Re: Data.ByteString candidate 3

25 Apr 2006

      On 25.04 13:46, John Meacham wrote:
...
I think all we really need are
Data.ByteString
Data.PackedString
(Though, I suppose Latin1 could be useful)
Using the Word8 API is not very pleasant, because all
character constants etc are not Word8.

As for Latin1 - what semantics do we use for toUpper/toLower and Ord?
Using the unicode ones or locale seems the sensible thing if the data
really is Latin1.

Thus a simple wrapper to the Word8 api is desirable. Make it follow
few simple rules:
* c2w . w2c = id  (conversion is a bijection)
* ascii characters translated correctly
* toLower/toUpper for ascii
* Ord by byte values.

This is very useful for many purposes and does not mean that there
should not be a fancy UTF8 module.
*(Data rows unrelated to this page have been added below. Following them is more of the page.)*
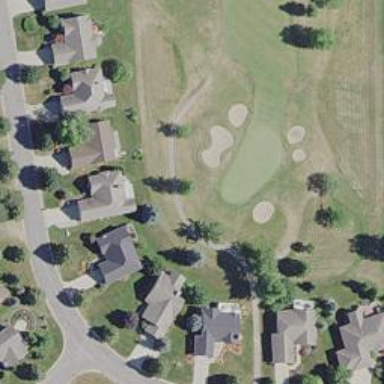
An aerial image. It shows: Service road designated as golf cart path.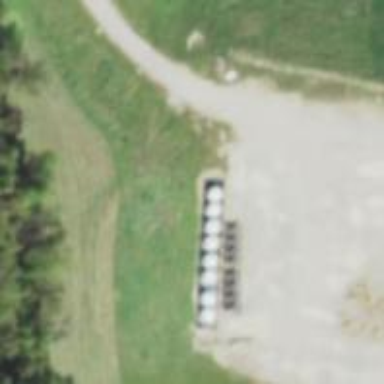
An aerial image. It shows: Storage tank that is man-made.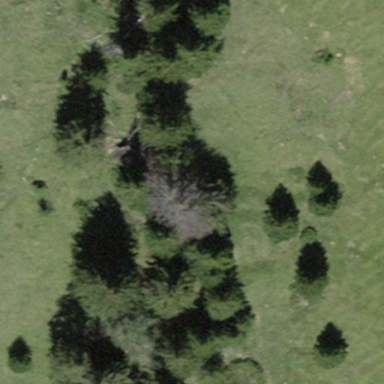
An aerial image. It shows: Patch of scrub vegetation.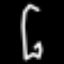
Label: octagon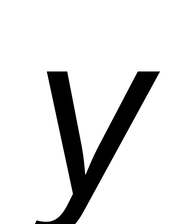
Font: Inter-Italic_Italic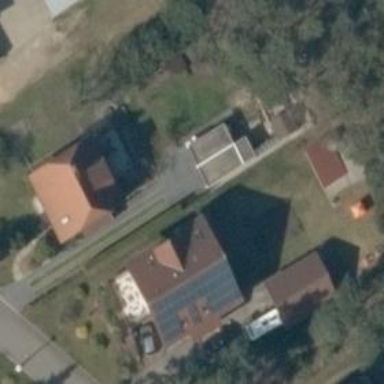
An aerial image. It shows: Simple and straightforward house.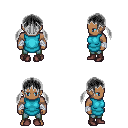
a pixel art fantasy rpg character, male body template, human, dark skin, teal tunic, teal pants, gray twin-tailed hairstyle, white cloth bandages, maroon shoes, four views (front, back, left, right), 2x2 character sprite sheet, small pixel art, hard edges, no anti-aliasing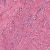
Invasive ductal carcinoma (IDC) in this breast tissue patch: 0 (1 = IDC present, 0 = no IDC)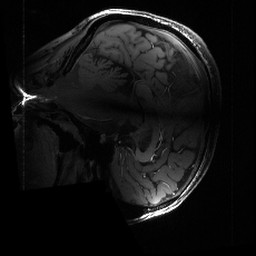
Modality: T1w
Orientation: sagittal
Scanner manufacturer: siemens
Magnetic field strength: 6.98 T
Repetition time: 3.1 s
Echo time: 0.00345 s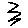
Label: zigzag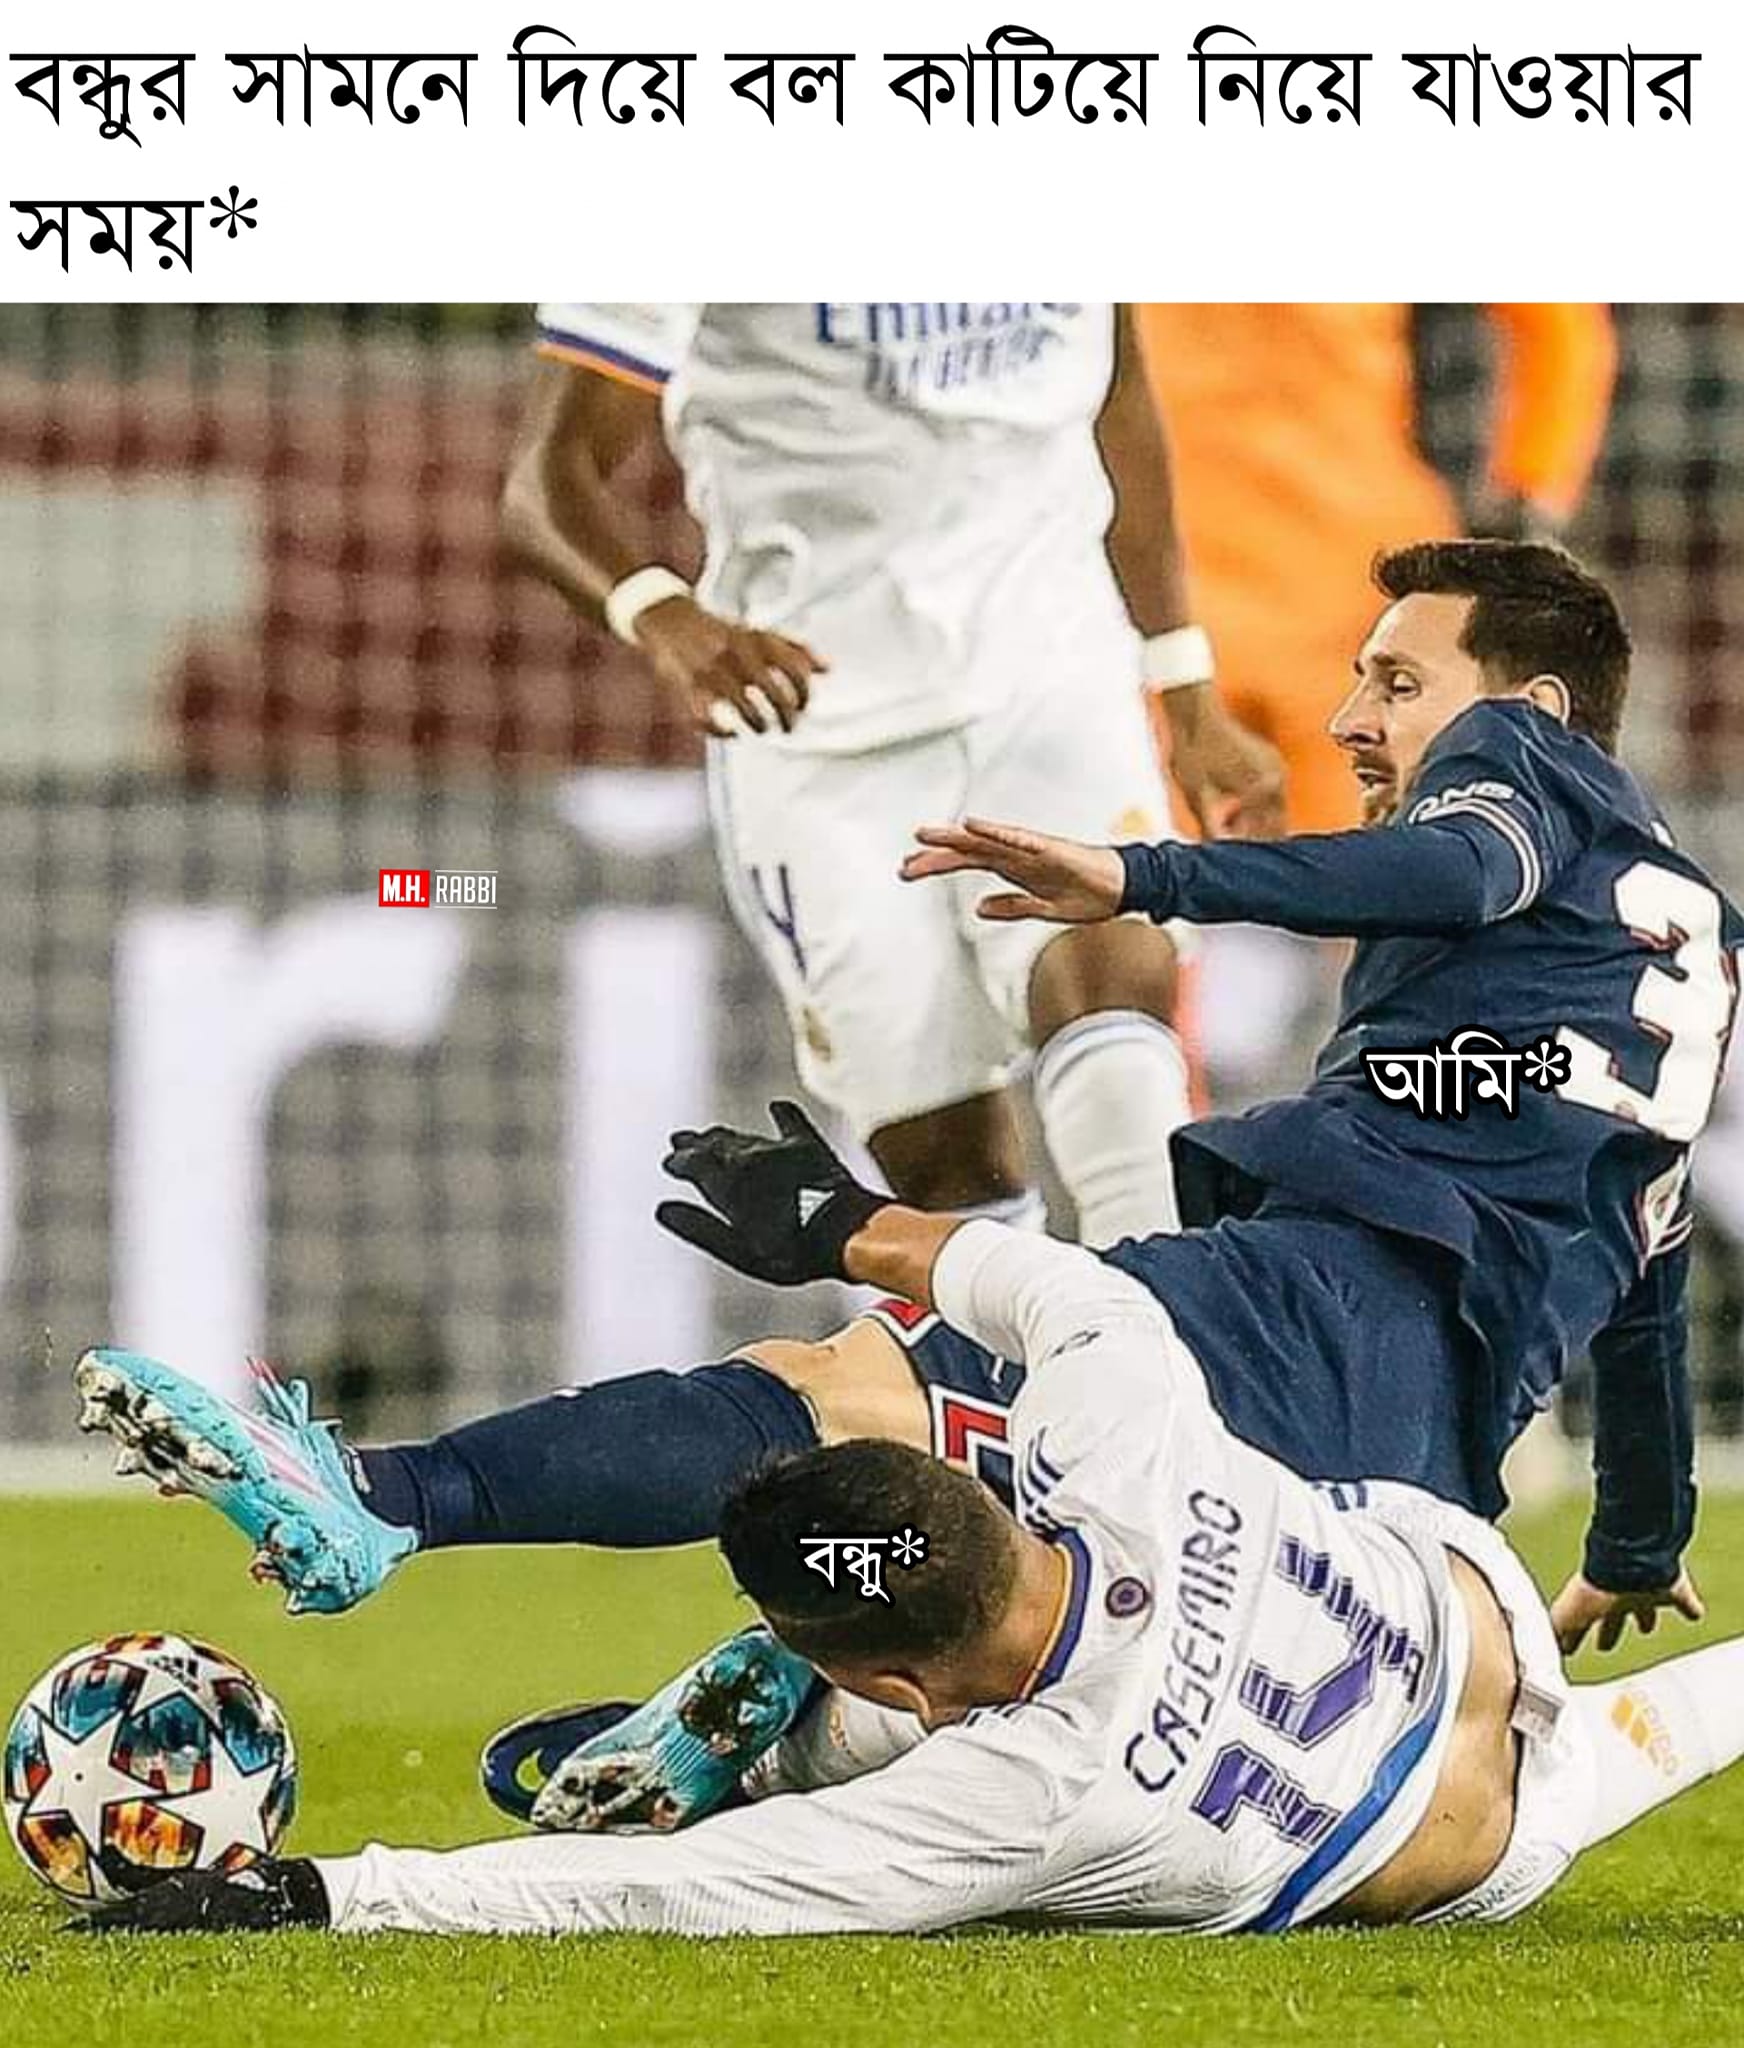
Caption: বন্ধুর সামনে দিয়ে বল কাটিয়ে নিয়ে যাওয়ার সময়*   বন্ধু*   আমি*
Label: non-hate

Rather than arguing about killing
this, wouldn't it be more productive to create the UTF8 module?
...
but note, do the people that want latin1 just need ASCII? because it should be
noted that if we have a UTF8 PackedString, then we can make
ASCII-specific access routines that are just as fast as the ones in the
Latin1 variety without giving up the ability to store full unicode
values in the string.
Case conversions and ordering need to be different. Thus we need to newtype
things to avoid having two conflicting Ord instances. The UTF8 layer
should provide:

* Unicode toUpper/toLower
* Unicode collation (UCA) for Ord
* Graphemes (see Perl6 for good ways to do this)
* Normalisation

- Einar Karttunen